State how many lines in the listing below hold "image", with no other words.

MATERIAL FOR THIS EXERCISE ▸
^^^^
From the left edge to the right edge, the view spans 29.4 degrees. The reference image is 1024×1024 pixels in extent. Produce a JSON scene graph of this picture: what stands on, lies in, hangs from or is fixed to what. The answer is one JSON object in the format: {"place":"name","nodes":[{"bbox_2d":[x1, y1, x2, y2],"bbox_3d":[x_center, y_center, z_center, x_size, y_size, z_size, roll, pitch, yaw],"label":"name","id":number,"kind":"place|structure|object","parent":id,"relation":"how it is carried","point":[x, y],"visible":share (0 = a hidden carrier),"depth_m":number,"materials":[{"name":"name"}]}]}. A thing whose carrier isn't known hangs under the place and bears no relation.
^^^^
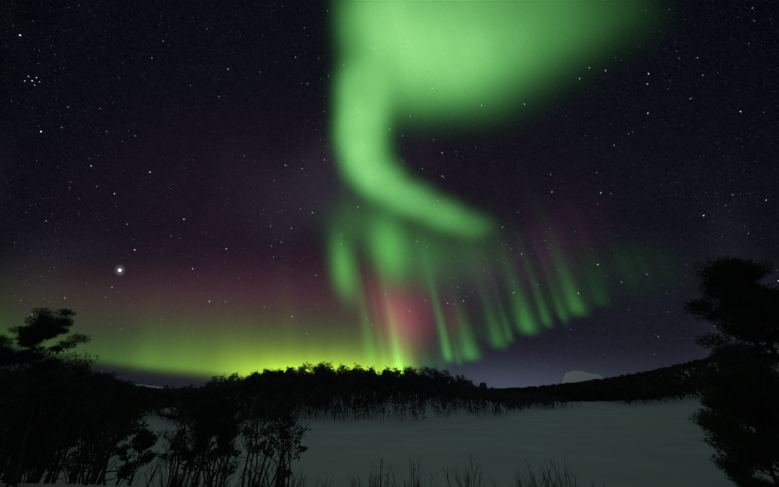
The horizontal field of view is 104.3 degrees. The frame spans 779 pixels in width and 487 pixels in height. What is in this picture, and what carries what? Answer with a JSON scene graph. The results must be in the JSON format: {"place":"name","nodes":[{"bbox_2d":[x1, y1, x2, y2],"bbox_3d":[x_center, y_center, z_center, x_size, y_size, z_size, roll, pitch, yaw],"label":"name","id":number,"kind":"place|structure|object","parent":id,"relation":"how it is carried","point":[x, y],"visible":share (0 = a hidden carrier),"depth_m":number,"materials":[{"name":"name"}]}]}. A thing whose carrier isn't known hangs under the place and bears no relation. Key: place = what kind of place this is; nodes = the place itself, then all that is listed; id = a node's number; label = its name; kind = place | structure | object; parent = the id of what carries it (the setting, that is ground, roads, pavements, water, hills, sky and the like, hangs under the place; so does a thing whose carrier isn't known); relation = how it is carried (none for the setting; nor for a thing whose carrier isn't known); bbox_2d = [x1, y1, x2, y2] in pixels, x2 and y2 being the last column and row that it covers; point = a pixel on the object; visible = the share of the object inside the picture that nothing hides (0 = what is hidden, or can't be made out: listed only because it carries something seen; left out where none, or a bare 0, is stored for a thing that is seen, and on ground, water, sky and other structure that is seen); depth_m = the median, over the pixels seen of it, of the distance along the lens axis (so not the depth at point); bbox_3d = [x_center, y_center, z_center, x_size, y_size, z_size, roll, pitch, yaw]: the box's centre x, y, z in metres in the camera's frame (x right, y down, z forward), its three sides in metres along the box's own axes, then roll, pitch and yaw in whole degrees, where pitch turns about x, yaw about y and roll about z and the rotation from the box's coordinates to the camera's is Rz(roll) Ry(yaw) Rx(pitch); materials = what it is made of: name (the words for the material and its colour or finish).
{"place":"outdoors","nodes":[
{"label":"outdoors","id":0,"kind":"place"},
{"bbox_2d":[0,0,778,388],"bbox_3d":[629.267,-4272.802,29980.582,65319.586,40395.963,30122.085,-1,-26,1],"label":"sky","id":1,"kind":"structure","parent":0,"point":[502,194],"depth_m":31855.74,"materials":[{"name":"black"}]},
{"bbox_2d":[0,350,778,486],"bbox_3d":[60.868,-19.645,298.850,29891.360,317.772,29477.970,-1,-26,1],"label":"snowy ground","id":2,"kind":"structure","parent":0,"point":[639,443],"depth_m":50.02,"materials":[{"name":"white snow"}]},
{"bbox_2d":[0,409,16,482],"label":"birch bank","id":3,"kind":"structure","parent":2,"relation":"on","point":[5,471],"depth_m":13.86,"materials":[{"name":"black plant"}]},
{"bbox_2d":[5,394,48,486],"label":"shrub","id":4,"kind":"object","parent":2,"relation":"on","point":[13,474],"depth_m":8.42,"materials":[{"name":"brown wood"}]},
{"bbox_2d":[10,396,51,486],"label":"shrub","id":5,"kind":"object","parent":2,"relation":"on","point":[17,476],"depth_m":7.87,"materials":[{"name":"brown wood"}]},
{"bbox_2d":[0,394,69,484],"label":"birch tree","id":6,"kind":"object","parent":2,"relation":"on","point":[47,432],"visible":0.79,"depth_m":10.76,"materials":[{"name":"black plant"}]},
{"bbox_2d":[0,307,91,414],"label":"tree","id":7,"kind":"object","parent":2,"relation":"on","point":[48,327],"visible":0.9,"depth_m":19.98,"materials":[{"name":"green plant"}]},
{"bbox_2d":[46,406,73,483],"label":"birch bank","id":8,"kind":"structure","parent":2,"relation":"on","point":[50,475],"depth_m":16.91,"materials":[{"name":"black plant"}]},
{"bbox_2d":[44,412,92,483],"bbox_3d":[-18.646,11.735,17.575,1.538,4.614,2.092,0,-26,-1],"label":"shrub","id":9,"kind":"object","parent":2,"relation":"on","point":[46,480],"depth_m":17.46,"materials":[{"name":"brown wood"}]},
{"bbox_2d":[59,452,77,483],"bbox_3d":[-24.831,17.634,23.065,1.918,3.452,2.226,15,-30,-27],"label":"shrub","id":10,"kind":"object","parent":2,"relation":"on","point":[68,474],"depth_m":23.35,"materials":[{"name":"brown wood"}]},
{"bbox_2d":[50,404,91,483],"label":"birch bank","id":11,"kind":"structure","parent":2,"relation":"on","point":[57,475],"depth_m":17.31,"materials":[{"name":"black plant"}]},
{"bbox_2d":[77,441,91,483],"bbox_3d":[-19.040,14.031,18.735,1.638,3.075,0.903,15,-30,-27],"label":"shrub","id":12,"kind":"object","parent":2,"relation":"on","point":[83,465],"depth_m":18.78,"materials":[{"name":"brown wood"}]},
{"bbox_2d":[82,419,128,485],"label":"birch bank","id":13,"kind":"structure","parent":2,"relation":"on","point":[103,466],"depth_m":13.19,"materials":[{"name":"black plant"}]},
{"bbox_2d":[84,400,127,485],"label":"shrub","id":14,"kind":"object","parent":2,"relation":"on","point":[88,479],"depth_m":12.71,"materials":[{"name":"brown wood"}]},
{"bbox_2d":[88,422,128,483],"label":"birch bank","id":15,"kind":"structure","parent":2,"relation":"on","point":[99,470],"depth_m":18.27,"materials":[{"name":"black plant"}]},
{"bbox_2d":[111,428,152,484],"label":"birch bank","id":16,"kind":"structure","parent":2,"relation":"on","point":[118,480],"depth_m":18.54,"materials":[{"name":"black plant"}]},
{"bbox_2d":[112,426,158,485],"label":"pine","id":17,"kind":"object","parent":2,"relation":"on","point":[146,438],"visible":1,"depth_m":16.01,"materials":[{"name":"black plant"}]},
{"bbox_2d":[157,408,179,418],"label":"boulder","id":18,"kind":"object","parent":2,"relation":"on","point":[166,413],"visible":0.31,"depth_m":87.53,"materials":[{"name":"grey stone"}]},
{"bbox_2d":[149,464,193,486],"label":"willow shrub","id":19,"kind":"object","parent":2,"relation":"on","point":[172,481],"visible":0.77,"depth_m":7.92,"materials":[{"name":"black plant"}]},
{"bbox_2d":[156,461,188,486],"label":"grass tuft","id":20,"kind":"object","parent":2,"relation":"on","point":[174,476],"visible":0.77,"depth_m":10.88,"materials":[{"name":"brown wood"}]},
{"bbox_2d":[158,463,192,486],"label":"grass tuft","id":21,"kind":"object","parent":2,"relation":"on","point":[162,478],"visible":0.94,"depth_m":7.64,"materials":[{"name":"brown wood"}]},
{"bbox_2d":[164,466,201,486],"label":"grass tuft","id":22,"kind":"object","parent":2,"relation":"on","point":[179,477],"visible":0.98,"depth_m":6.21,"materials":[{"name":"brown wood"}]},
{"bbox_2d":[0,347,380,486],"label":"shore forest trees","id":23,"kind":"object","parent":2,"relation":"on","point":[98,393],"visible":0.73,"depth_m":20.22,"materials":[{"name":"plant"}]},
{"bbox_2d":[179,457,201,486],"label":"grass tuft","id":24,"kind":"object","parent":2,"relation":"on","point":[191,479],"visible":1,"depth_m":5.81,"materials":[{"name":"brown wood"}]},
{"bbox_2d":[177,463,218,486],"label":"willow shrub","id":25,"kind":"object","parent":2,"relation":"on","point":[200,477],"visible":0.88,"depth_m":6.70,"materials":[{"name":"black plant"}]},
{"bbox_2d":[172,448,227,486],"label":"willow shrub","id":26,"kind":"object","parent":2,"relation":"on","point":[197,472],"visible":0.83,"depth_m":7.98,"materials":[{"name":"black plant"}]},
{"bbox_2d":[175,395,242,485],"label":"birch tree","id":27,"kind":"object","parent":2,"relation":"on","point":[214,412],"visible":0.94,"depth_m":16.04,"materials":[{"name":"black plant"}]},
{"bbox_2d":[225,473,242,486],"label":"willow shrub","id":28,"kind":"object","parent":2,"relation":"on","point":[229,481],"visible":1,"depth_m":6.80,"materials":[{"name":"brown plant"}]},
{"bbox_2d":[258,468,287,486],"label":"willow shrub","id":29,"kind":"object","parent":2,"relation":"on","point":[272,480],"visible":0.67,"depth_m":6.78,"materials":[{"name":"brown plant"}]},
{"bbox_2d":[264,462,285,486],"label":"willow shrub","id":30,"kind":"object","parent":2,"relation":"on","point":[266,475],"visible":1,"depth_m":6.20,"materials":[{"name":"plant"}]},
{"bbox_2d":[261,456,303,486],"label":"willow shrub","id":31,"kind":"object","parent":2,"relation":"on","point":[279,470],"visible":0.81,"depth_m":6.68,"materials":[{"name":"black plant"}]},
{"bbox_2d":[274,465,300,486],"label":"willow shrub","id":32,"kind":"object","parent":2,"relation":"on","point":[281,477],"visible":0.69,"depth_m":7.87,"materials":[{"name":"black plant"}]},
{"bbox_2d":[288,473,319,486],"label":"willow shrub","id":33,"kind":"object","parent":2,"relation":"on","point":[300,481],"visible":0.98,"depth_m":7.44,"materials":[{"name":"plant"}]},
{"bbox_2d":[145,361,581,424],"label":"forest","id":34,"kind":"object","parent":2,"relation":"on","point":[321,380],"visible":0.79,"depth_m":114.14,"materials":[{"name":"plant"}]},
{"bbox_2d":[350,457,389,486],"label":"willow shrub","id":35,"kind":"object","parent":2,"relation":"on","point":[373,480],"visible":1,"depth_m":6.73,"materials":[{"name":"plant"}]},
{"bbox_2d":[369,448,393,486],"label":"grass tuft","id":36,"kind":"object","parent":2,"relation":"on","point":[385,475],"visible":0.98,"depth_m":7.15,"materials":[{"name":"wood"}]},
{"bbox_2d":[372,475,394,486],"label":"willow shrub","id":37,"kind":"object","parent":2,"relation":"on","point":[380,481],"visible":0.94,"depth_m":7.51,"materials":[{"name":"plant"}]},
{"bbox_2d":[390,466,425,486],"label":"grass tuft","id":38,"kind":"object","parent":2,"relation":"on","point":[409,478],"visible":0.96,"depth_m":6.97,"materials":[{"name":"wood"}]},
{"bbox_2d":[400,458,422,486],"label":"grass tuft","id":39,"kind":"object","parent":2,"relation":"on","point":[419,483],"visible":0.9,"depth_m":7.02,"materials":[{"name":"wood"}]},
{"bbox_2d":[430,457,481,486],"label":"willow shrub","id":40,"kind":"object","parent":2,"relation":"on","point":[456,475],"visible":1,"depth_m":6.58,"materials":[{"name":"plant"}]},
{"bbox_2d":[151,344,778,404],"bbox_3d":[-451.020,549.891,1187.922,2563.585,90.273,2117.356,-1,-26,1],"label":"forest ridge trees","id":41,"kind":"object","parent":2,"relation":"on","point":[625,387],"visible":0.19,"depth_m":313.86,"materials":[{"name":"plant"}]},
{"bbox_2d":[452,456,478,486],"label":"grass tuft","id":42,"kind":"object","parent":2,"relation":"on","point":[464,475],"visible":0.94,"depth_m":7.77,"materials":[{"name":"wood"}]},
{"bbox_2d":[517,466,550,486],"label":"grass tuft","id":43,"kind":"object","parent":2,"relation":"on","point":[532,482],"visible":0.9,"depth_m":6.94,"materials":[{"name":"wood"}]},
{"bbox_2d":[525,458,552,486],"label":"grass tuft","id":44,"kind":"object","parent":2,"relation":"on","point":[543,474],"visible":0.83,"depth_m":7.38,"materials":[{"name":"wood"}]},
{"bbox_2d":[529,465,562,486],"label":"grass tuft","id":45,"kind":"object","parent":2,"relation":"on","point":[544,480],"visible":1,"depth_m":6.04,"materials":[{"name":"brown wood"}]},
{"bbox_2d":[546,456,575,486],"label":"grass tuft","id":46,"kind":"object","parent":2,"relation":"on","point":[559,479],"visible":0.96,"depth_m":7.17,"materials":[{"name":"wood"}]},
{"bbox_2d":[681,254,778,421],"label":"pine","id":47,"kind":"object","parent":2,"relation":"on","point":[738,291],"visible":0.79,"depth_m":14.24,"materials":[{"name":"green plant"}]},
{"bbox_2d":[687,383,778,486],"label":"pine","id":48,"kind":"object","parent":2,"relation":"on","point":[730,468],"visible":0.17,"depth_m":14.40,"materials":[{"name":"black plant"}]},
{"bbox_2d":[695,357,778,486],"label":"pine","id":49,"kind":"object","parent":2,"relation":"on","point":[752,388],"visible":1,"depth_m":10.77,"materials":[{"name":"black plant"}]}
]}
^^^^
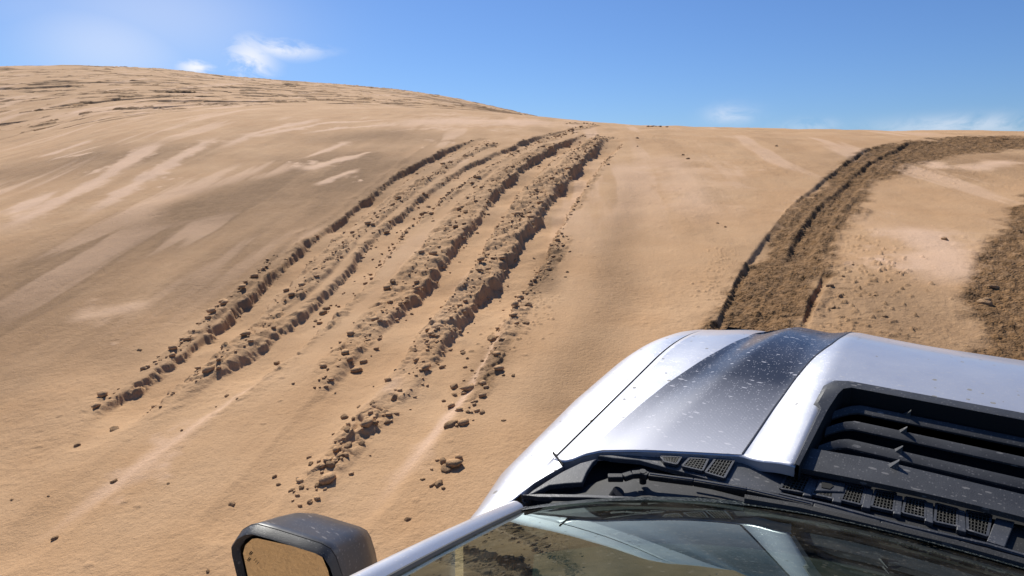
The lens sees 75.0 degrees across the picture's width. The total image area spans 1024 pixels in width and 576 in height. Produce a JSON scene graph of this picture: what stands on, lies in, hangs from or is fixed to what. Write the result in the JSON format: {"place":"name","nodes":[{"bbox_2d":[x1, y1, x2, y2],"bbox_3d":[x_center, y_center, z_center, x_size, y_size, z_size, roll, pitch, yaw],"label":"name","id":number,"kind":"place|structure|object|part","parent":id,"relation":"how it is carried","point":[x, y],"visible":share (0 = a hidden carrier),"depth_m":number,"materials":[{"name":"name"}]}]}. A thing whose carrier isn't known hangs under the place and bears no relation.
^^^^
ANSWER BELOW ▸
2